One of the best reasons to have a blog (other than the free swag- I’m STILL WAITING FOR GAP TO START THROWING PARTIES FOR CANADIAN BLOGGERS- I’M JUST SAYING), is that it’s easy to see what you were doing one week ago, or one month ago or one year ago. You can simply just click in the archives and you will find your past feelings and thoughts and anecdotes perfectly preserved. You can hit a particular month and find out what was breaking your heart, how drunk you got on cheap wine at your friends party, what social causes were causing you to lose sleep. A blog is like a time capsule that you contribute to each time you hit ‘publish’. I love that.

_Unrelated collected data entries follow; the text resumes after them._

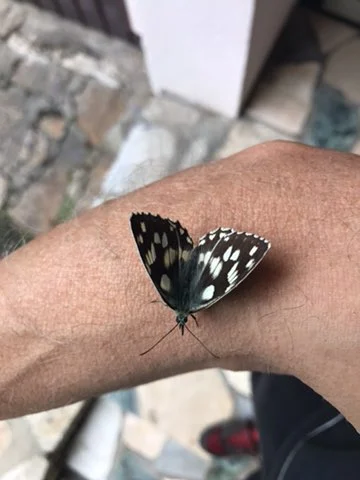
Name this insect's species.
Melanargia galathea
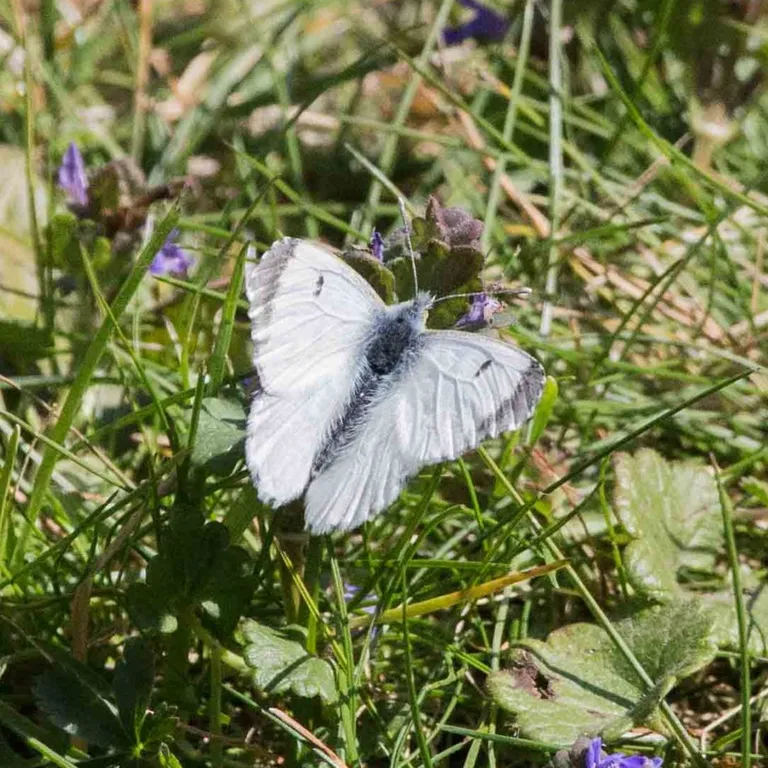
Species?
Anthocharis cardamines
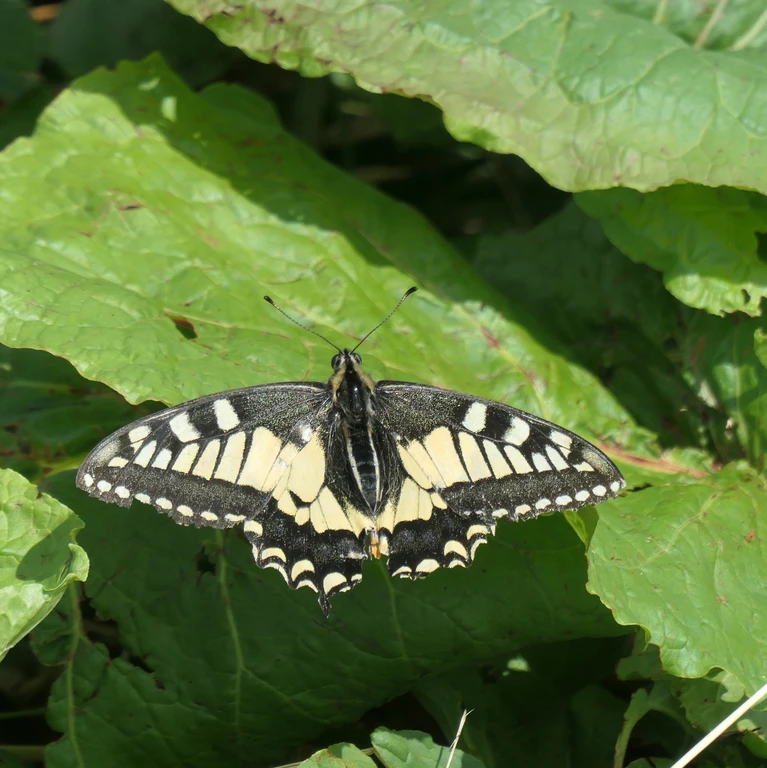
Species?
Papilio machaon
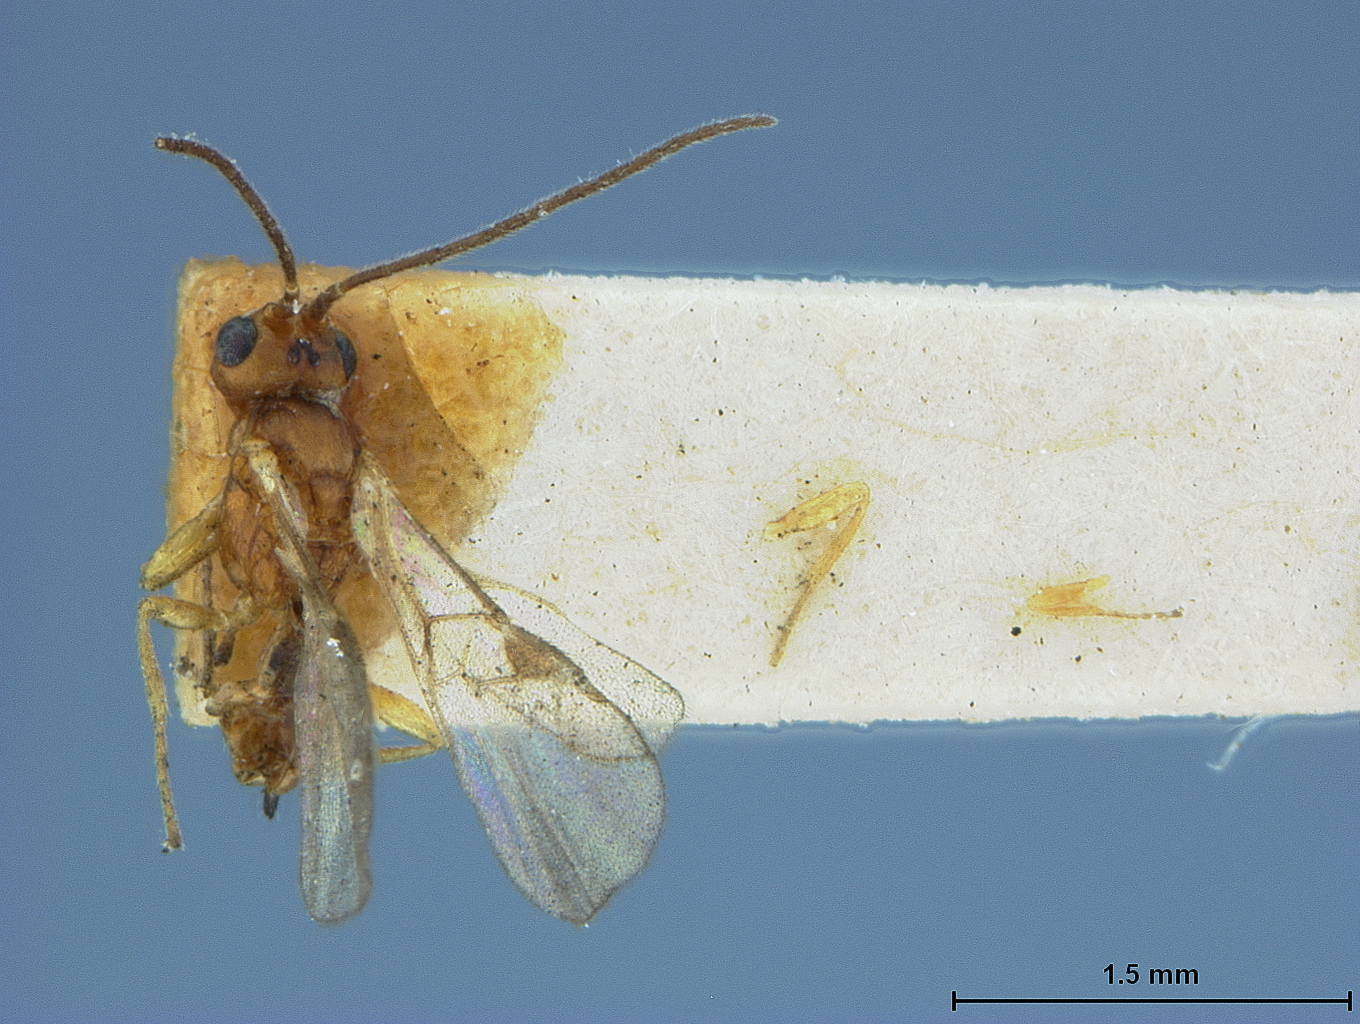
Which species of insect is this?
Mirax pallida
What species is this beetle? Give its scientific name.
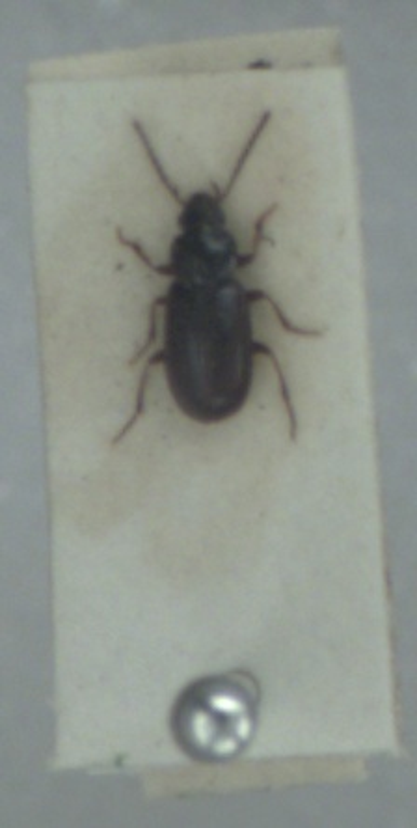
Acupalpus brunnipes
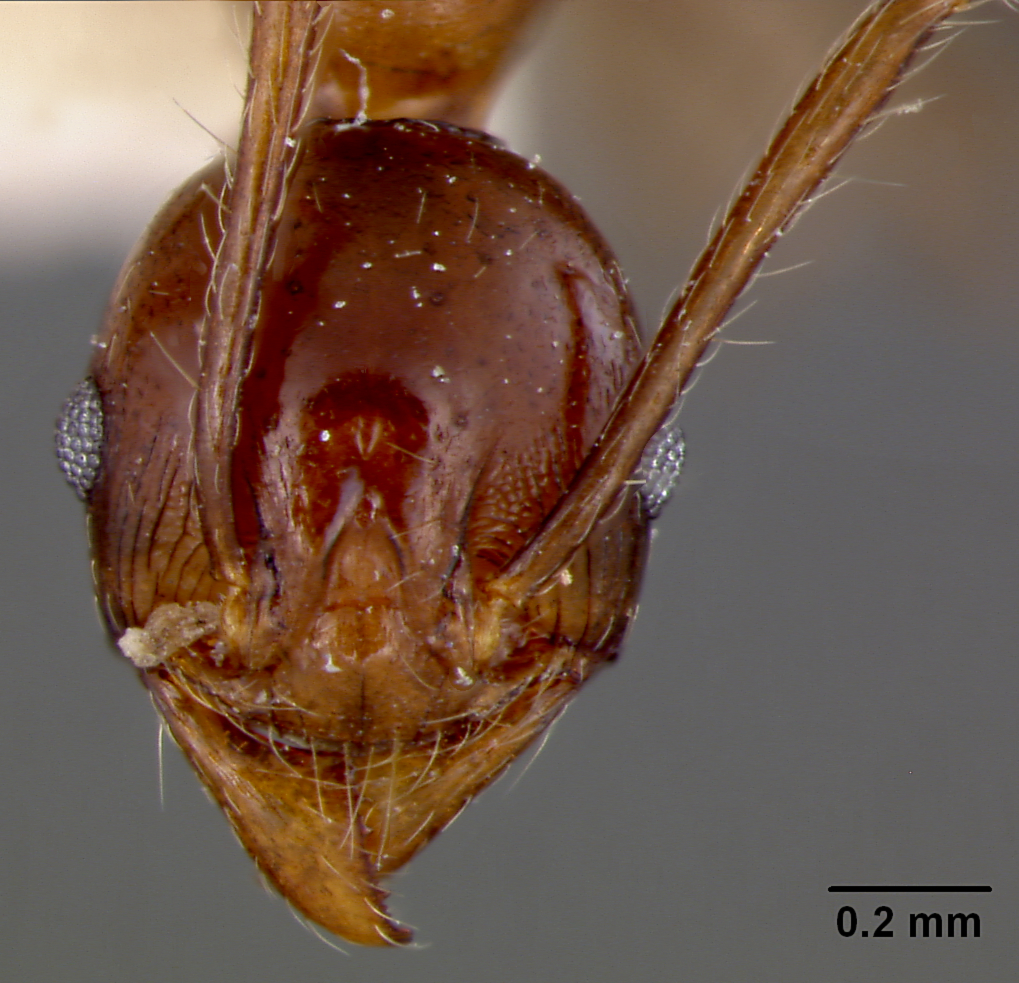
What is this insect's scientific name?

I took this week off from blogging. I’m pretty sure the responsible thing to do is to let people know you are taking time off, rather than drop off the blogging universe and wake up to find a few dozen emails in your inbox asking “ARE YOU OKAY? WHAT’S GOING ON?”, because then you have to sheeplishly reply “I’m good, I’m just really hooked on BSG and have consumed so many non-fat, no whip white hot chocolates I’m in the sweetest coma ever”). But the blogging break is over and while sitting down to figure out what story or thought I just HAD TO SHARE, I started reading my archives. Specifically the Februarys of past. And I realized something (well two things- I was a hell of a lot funnier in the past, my funny gene is in hibernation), that many things have gotten better. And because I’m a list girl, and because after a week off I need to ease back into blogging and a list is the “just the tip” version of a great blog post, here it is:
5 Things That Have Gotten Better In The Past Year
1. I have a H.A.D. Cue the sap right at the start. I know, I’m ridiculous. Truth be told, I kind of had him at this time last year, but we were no where near where we are now. I’m pretty sure I was still in that stage where I peed my pants when I talked to him and then thought the best way to win him over would be to disagree with everything he said and say “ewwwwww!” everytime he made a gross joke. So, I basically was acting like a junior high girl with a great rack and a checking account at this time last year. Thankfully, H.A.D. is a patient man.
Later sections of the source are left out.